[Information shown — start]
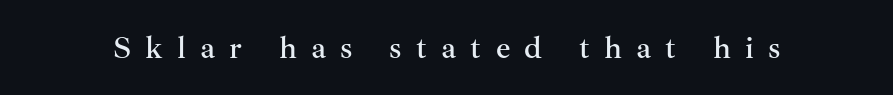
The specimen reads as upright at a glance. Substantial extra tracking has been applied to these lines. Letters rest on an invisible, unmarked baseline. Varying glyph widths throughout — classic text-font behaviour. These lines are composed in type with serifs.
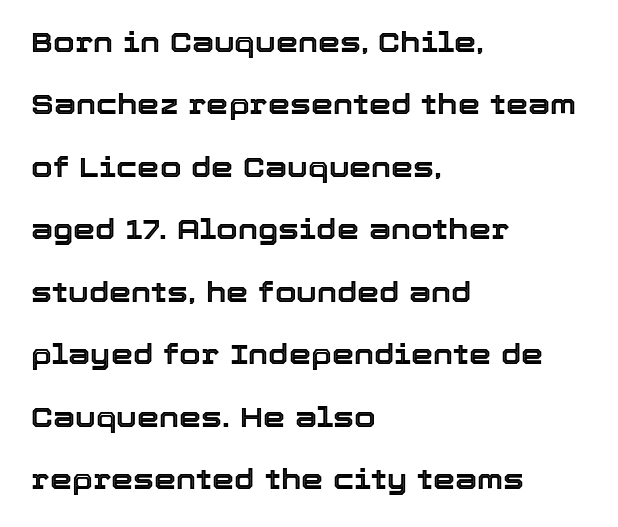
Q: Is the text italic (slanted)? A: No, it is upright.
Q: Is the text underlined? A: No.
Q: How is the paragraph aligned? A: Left-aligned.
Q: Is the spacing between letters normal or unusually wide? A: Normal.
Q: Is the spacing between lines tight, normal or loose? A: Loose.
Q: Width (condensed, normal, or wide)? A: Normal.
Q: x-height? A: Medium.
Q: Monospaced? A: No.
[Information shown — finish]
Word for word and without any pictures, return all of the lines above.

→ **Worked solution**:
The specimen reads as upright at a glance. Substantial extra tracking has been applied to these lines. Letters rest on an invisible, unmarked baseline. Varying glyph widths throughout — classic text-font behaviour. These lines are composed in type with serifs.
Q: Is the text italic (slanted)? A: No, it is upright.
Q: Is the text underlined? A: No.
Q: How is the paragraph aligned? A: Left-aligned.
Q: Is the spacing between letters normal or unusually wide? A: Normal.
Q: Is the spacing between lines tight, normal or loose? A: Loose.
Q: Width (condensed, normal, or wide)? A: Normal.
Q: x-height? A: Medium.
Q: Monospaced? A: No.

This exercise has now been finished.